Re: [boost] RFC: Boost.XML API prototype in the sandbox

14 Jul 2007


      Stefan Seefeld wrote:
...
The reason to delegate to a factory is to let it do a lot of resource
management that thus can be hidden from the user. There is a lot to be
considered, as each node lives in a particular context given by the document
as well as its position in it (think of namespaces, for example).
OK, makes sense.
...
Sorry, that argument I don't accept. Yes, I deliberately chose not to
use the API as obtained from using the CORBA C++ bindings of the OMG IDL DOM.
The hope is to get something better, much more naturally tied to modern
C++ idioms. Whether or not I achieve that is to be discussed, and can be
criticized, but the lack of conformance to existing DOM APIs in itself
is hardly an argument worth debating.
But I don't mean the argument to stand by itself. As I said, you
diverged slightly from the DOM API. The problem that I see is that it
neither matches existing knowledge, nor brings sufficient advantage to
justify this loss. In other words, if you leave the beaten track, you
shouldn't walk right alongside it, among stones but without any
advantage - you should at least take a shortcut through the woods.
...
OK, the API represents the Infoset, and thus has no idea of what an entity
is. I'm not sure whether that would be worth adding. And if, it may be
some hook into the XML writer (the XML parser already has it).
Possibly, yes. Such low-level functionality might indeed better be
limited to the low-level stream representation.
On the other hand, rare as their use is, there are also unparsed
entities. The very much exist at the high-level representation.

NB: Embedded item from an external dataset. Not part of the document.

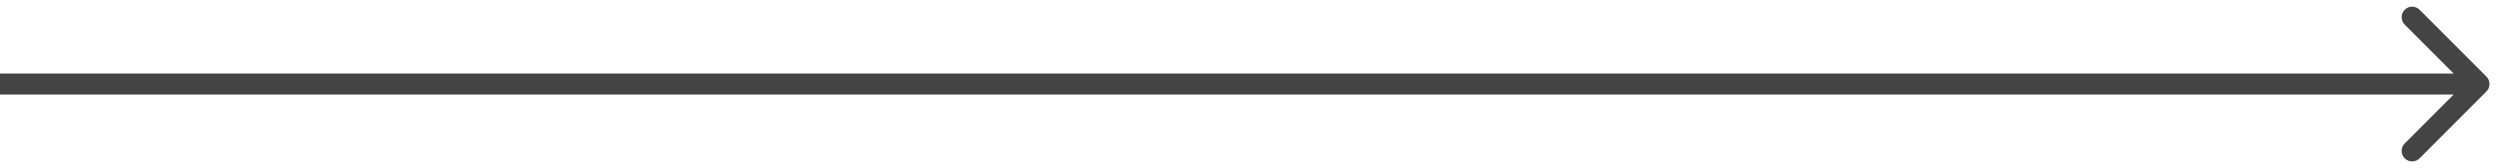 <svg width="119" height="8" viewBox="0 0 119 8" fill="none" xmlns="http://www.w3.org/2000/svg">
<path d="M118.354 4.354C118.549 4.158 118.549 3.842 118.354 3.646L115.172 0.464C114.976 0.269 114.66 0.269 114.464 0.464C114.269 0.66 114.269 0.976 114.464 1.172L117.293 4L114.464 6.828C114.269 7.024 114.269 7.34 114.464 7.536C114.66 7.731 114.976 7.731 115.172 7.536L118.354 4.354ZM-4.38632e-08 4.5L118 4.5L118 3.5L4.38632e-08 3.5L-4.38632e-08 4.5Z" fill="#444444"/>
</svg>

And not
all parsed entities can be expanded, especially by non-validating parsers.
...
I don't understand what you are aiming at in your comment about the
'document schema'.
I mean that there is no way in the current API to obtain information
about the document type, beyond its name and location.
...
That's an implementation detail (IMO).
No, it's not. It's a matter of public derivation of classes and thus
very much an interface issue.
Semantically, a text node and
a cdata node are distinct,
Also not true, at least as far as Infoset is concerned. See also
Appendix D of the Infoset spec, item 19.
 and so visitors shouldn't give users access
to a cdata node as a text node. (And what else would the ISA relationship
be good for ?)
But that's exactly what they should do (if the user wants to ignore the
difference). CDATA, as I said before, is a serialization issue, and
completely irrelevant to a user who just wants to know what text the
document contains.
...
I'm sure this can be refined. (In fact, I don't think DTDs will play any
significant role in the future, as other document type definitions become
more popular, such as relaxng).
True. Perhaps an API for generalized schema access can be devised.

Sebastian Redl